2. Quentin Tarantino

A few people may have soured on old QT when he admitted that he “knew” about what Harvey Weinstein was up to all along and continued to work with him, but by and large, he’s the coolest filmmaker out there. No one makes movies quite like Tarantino (although many try and fail to emulate his signature style). Few other filmmakers are enough of an auteur that you can feel their presence from frame one right to the closing credits. Everything in a Tarantino movie belongs solely in a Tarantino movie. The nonlinear storylines, the pop culture references, the graphic violence, the novel-like chapter structure, the pitch black sense of humor – it’s all classic QT and anyone who tries to do it themselves ends up looking like a shameless, embarrassing ripoff.

1. Christopher Nolan

Lord only knows how Christopher Nolan keeps knocking it out of the park.
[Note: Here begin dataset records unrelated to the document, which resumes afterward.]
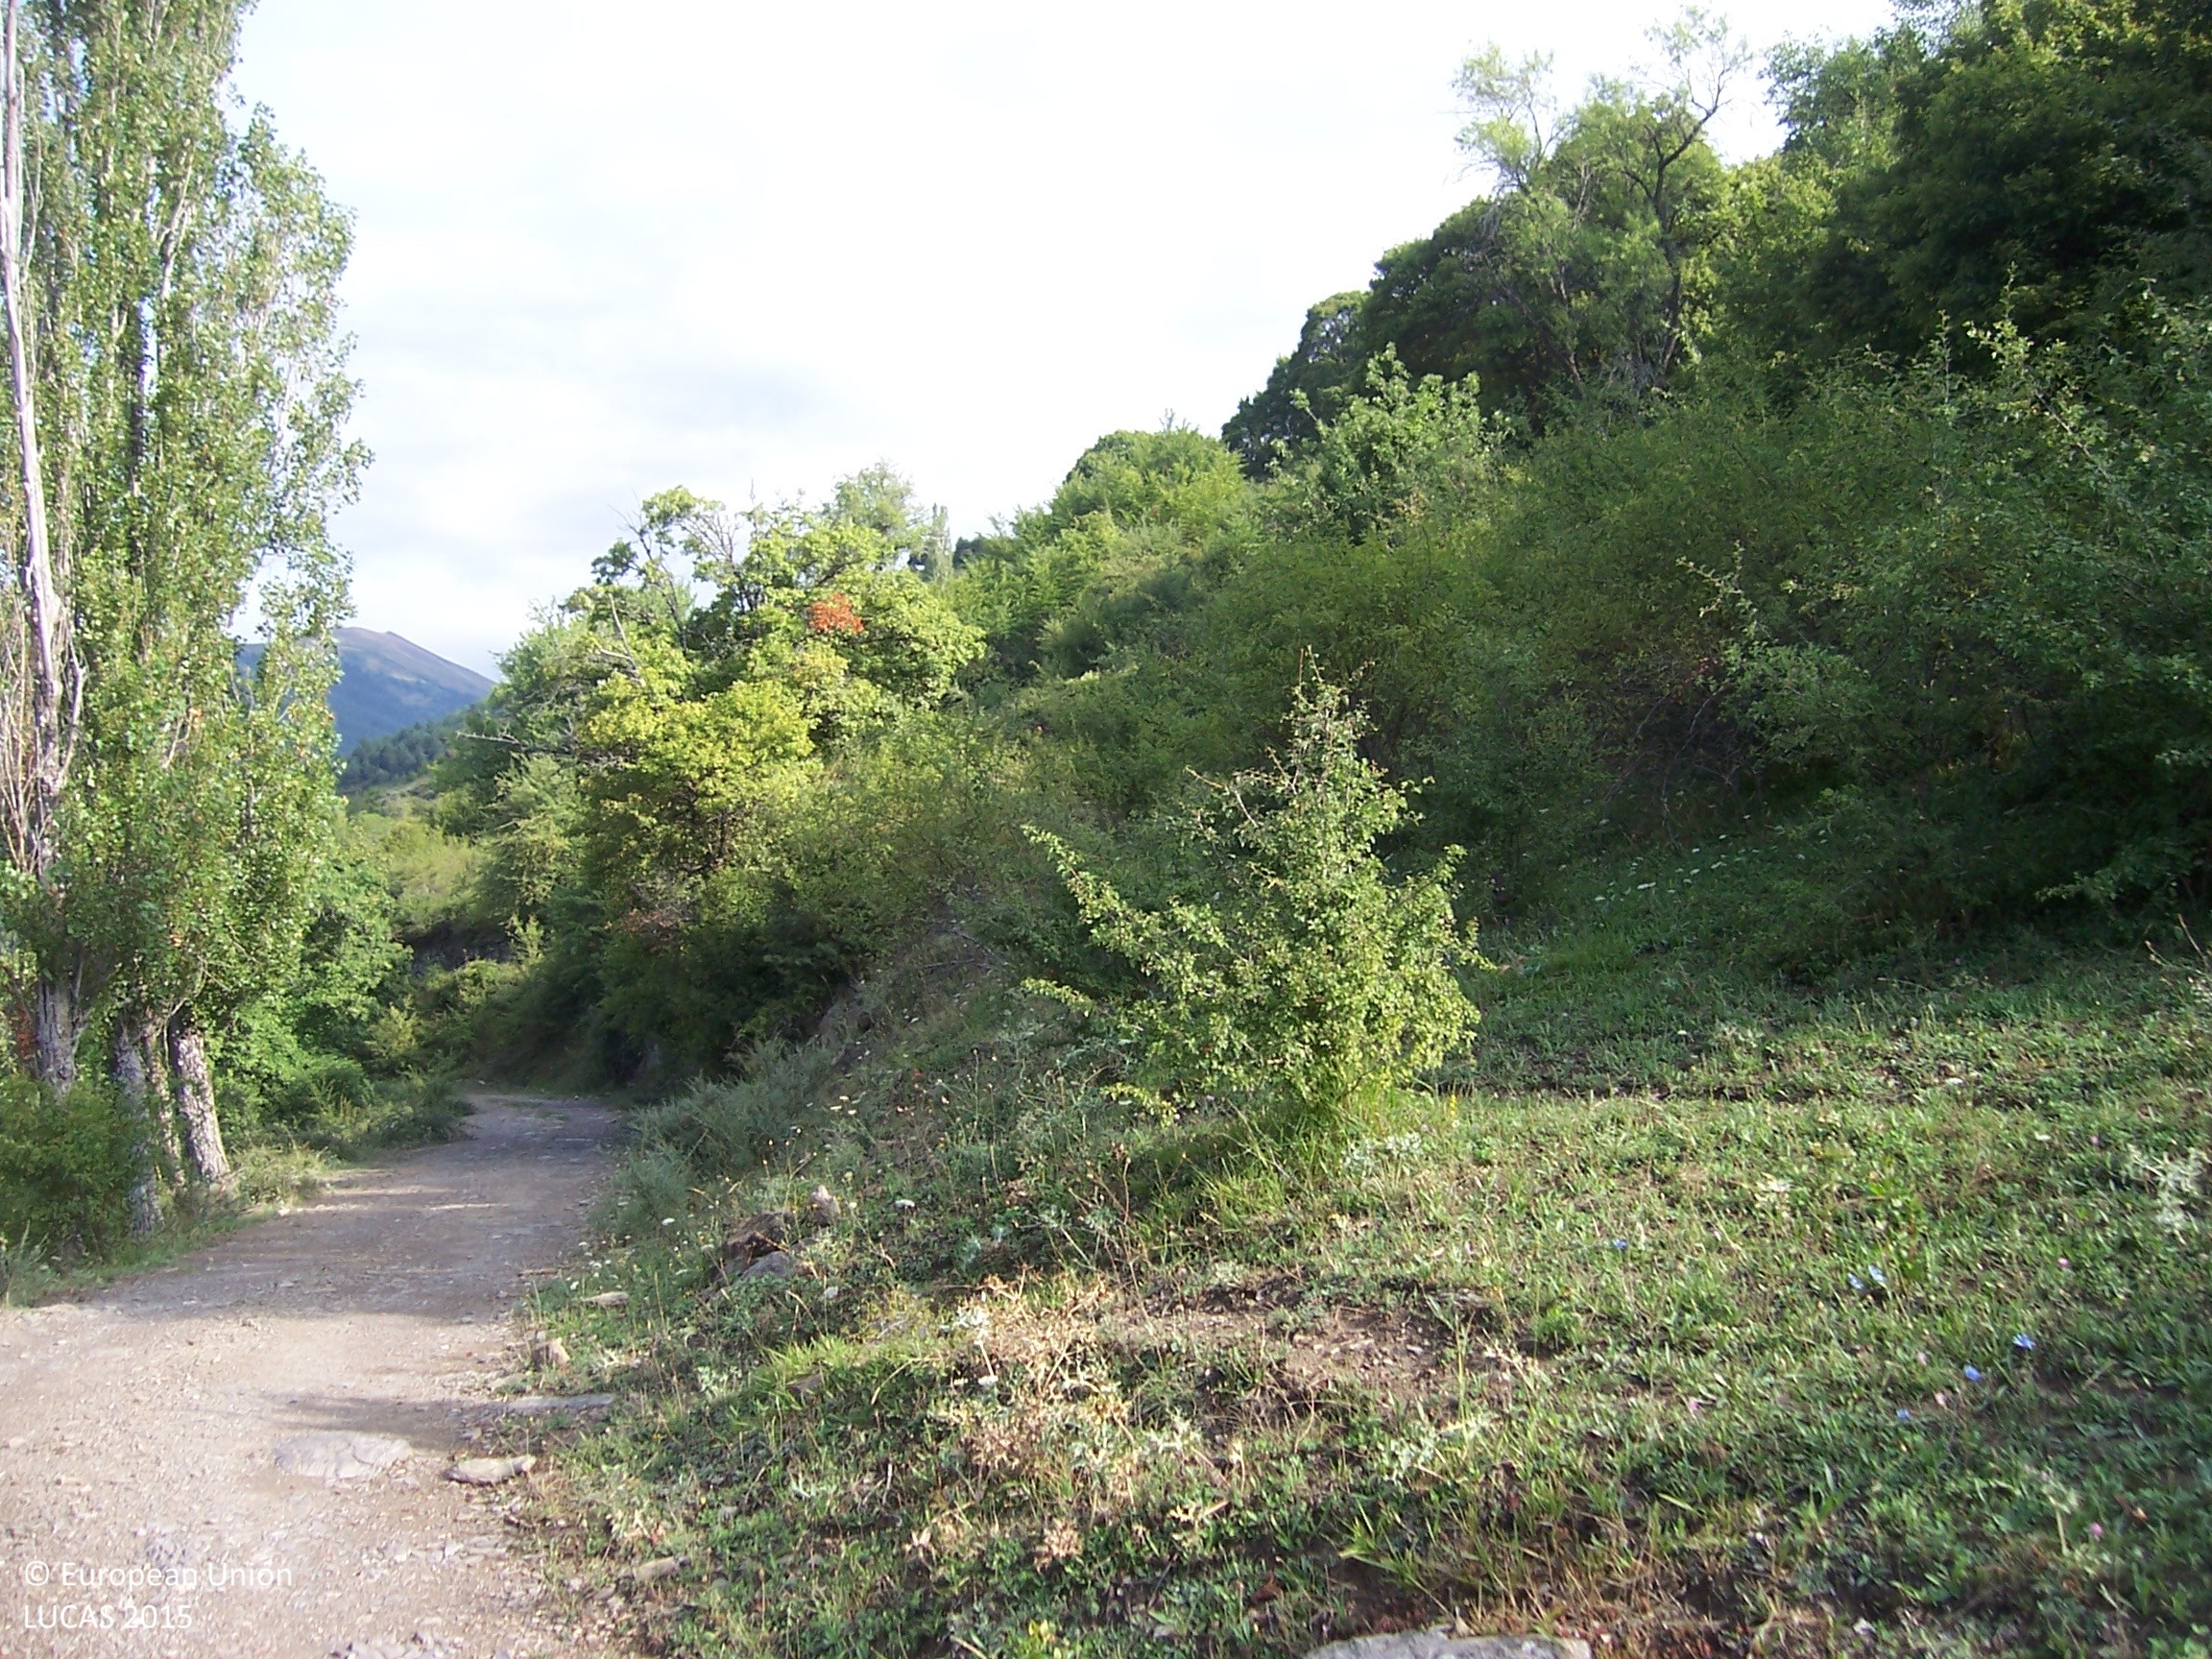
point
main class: Woodland
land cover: Broadleaved woodland
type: floodplain forest
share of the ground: > 75 %
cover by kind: broadleaved forest trees 50 %, herbaceous plants 20 %, consolidated bare surface 20 %, shrubs 10 %
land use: Semi-natural and natural areas not in use
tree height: > 5 m
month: August
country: ES
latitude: 42.6774
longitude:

He’s the Babe Ruth of film. Every single genre he touches, he crafts a timeless classic that has deep roots in that genre and will be being watched by audiences decades from now. Weirdly, he’s yet to slip up. The audiences didn’t quite latch on to his take on science fiction with the trippy Interstellar, but it was hardly panned, and audiences adored it. Inception, The Dark Knight, The Prestige, this year’s Dunkirk – every time Nolan gives something a go (war movie, superhero movie, whatever), he crafts a masterpiece that satisfies regular filmgoers and sends film fanatics into a spasm. He has a close-knit roster of actors that he keeps bringing back – Anne Hathaway, Tom Hardy, Michael Caine etc. – but any actor who hasn’t worked with him is desperate to. There’s simply no question that Christopher Nolan is the greatest director working today.